Questa è una battuta ovviamente: quel che voglio dire è che l'Italia del 1992-1995 non era già più quella degli anni Ottanta, e men che meno quella degli anni Sessanta: d'altra parte, chi non ricorda la “manovrona” del I governo Amato, 1992 (con prelievo forzoso sui conti correnti, introduzione dell'ISI poi divenuta ICI, ecc.), che costò grandi amarezze ai contribuenti e alle famiglie italiane? Era già un segno di crisi profonda dell'Italian way of life, e soprattutto dei nostri “timonieri” politici e finanziari, che sembravano navigare a vista... (Basti ricordare, sempre con riferimento ad Amato e a quell'annus horribilis, il tentativo da lui fatto di difendere la lira, rivelatosi controproducente e rimpiazzato poco dopo quindi da una politica di svalutazione, di segno nettamente opposto, peraltro non annunciata al Paese nelle dovute forme: della serie “non so dove sto andando, ma spero che mi vada bene”...).

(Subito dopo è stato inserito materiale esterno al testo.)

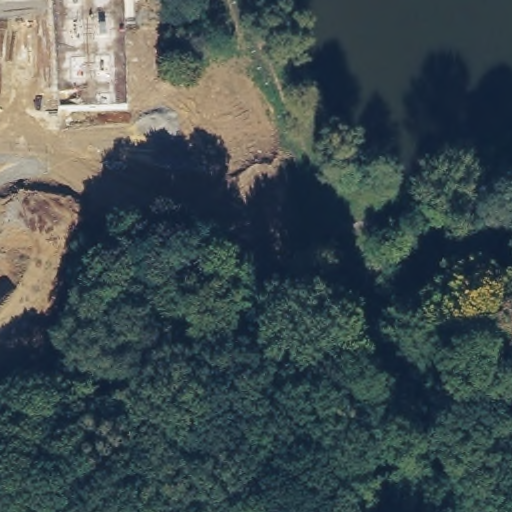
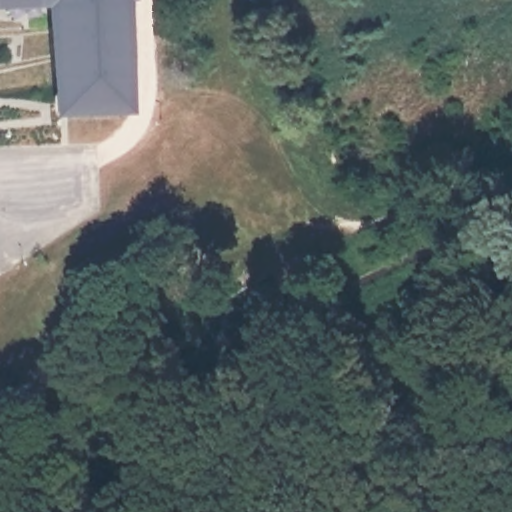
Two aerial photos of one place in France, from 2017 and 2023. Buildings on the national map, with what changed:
new [(47,6),(0,8),(0,0),(134,0),(128,0),(132,114),(55,115),(47,6)]

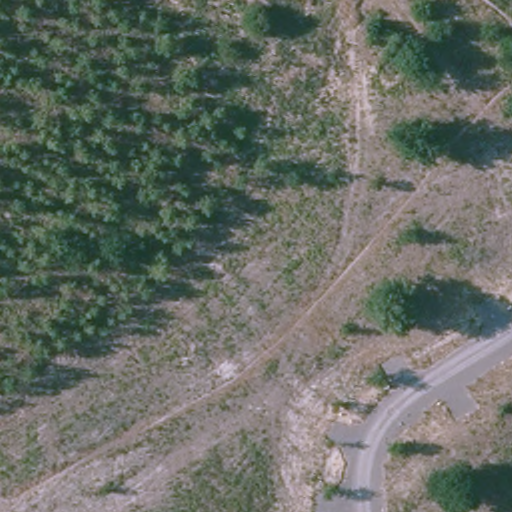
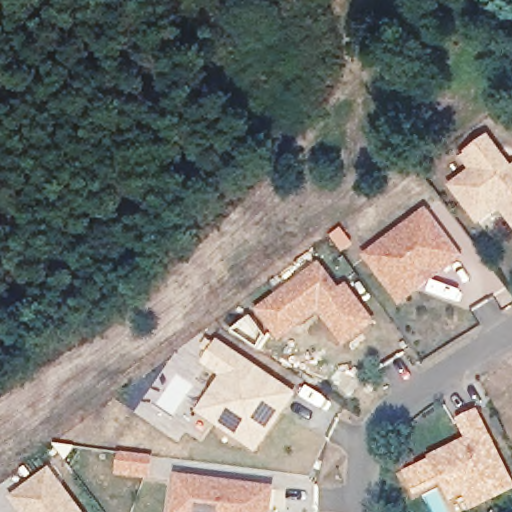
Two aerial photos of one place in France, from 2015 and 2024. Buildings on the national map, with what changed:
unchanged [(452,178),(473,162),(463,149),(486,131),(510,163),(512,162),(512,216),(499,197),(477,213),(470,203),(452,178)]
new [(365,256),(426,210),(464,258),(401,304),(365,256)]
new [(374,321),(346,341),(321,307),(282,336),(261,308),(321,263),(341,290),(348,285),(374,321)]
new [(198,412),(221,378),(202,364),(218,341),(296,394),(257,453),(198,412)]
new [(467,495),(452,502),(430,458),(467,439),(458,420),(479,410),(512,478),(512,492),(475,510),(467,495)]
new [(176,474),(275,488),(272,512),(171,512),(176,474)]
unchanged [(19,505),(55,478),(79,512),(25,512),(19,505)]

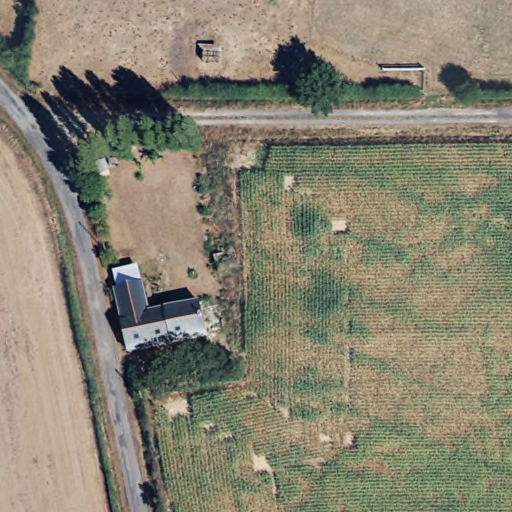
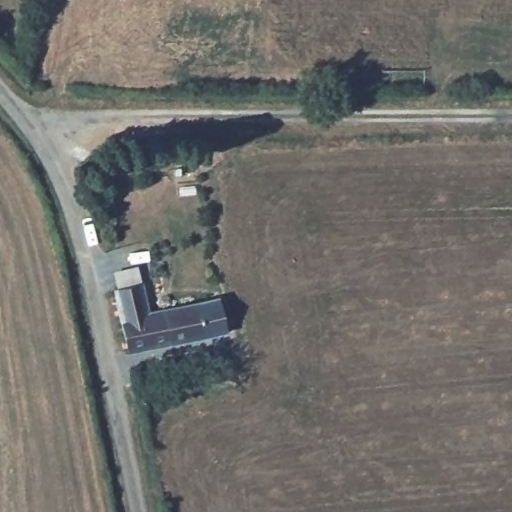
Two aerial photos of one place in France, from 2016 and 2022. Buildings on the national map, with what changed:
unchanged [(119,323),(111,288),(136,280),(144,316),(160,312),(168,348),(142,354),(126,357),(119,323)]
unchanged [(160,309),(195,301),(204,340),(168,348),(160,312),(160,309)]

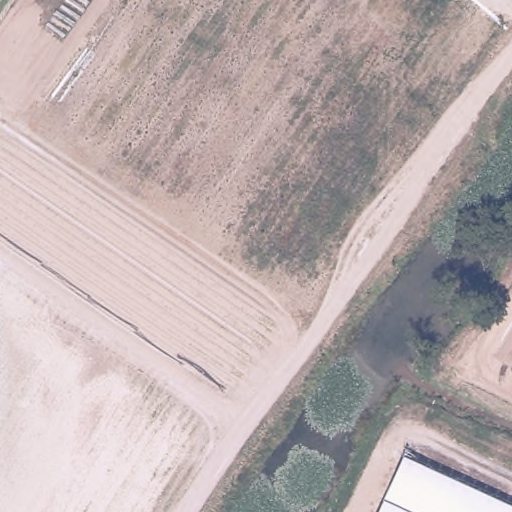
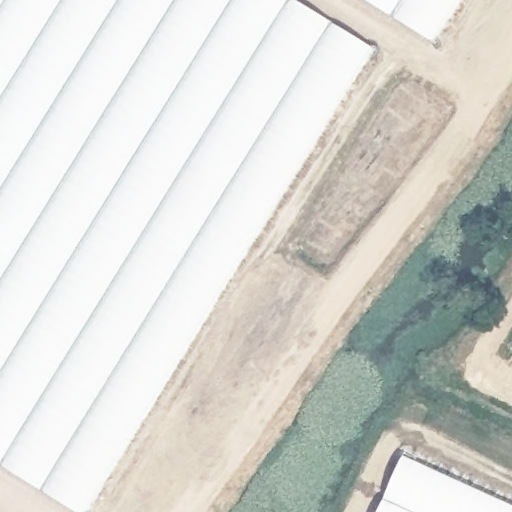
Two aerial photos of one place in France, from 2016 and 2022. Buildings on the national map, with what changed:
new [(0,467),(0,0),(292,0),(376,53),(90,512),(73,512),(0,467)]
new [(360,0),(461,0),(433,46),(360,0)]
new [(512,507),(512,512),(374,512),(398,455),(512,507)]

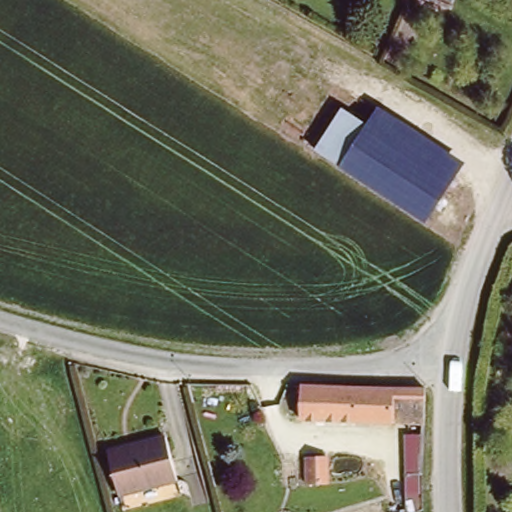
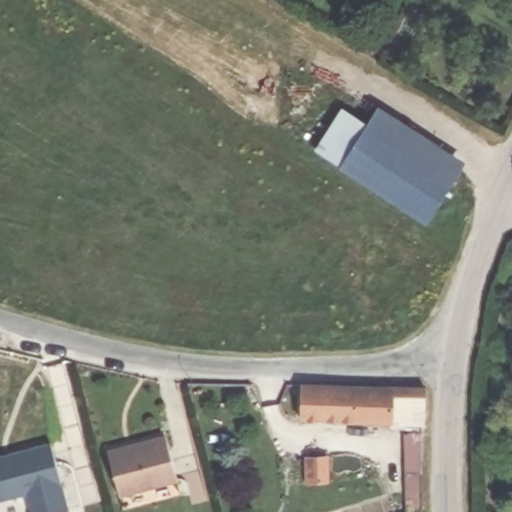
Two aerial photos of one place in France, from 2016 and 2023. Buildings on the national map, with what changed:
unchanged [(361,111),(334,156),(307,141),(331,95),(361,111)]
unchanged [(468,167),(429,220),(348,165),(350,162),(378,123),(390,106),(468,167)]
unchanged [(433,386),(431,423),(316,422),(309,422),(309,386),(433,386)]
unchanged [(423,436),(422,512),(406,512),(406,436),(423,436)]
unchanged [(174,482),(118,497),(107,455),(164,441),(174,482)]
new [(68,511),(63,512),(31,512),(26,494),(0,501),(0,456),(51,443),(68,511)]

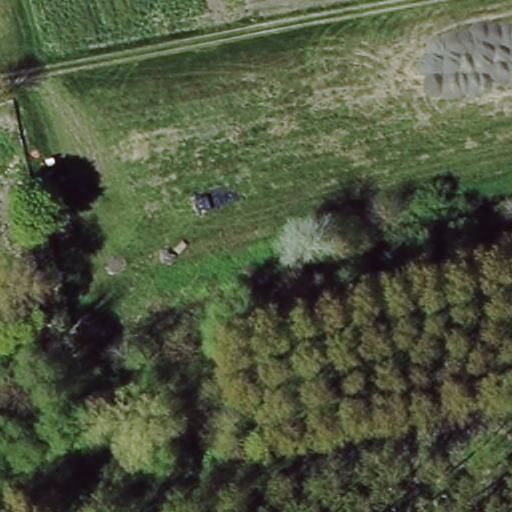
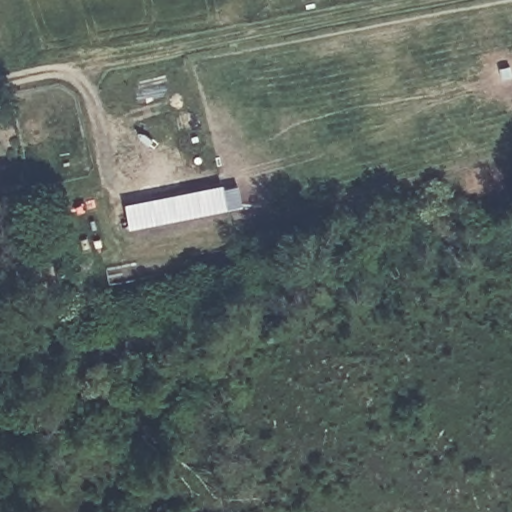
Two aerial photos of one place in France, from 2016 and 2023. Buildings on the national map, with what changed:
new [(222,181),(223,187),(237,184),(242,202),(227,207),(130,226),(125,202),(222,181)]

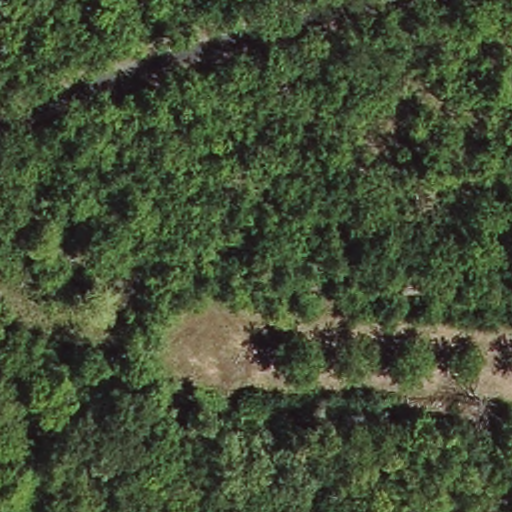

Il sistema economico stava già mutando rapidamente a livello mondiale, e c'era chi a metà degli anni Novanta preconizzava la “fine dello Stato-nazione”, che sarebbe stato sostituito – a detta di certi guru (come Kenichi Ohmae) – da un “mix virtuoso” di governo locale e governo globale, che avrebbe liberato e messo in risalto le energie e le virtù del mercato, a tutto vantaggio del benessere generale.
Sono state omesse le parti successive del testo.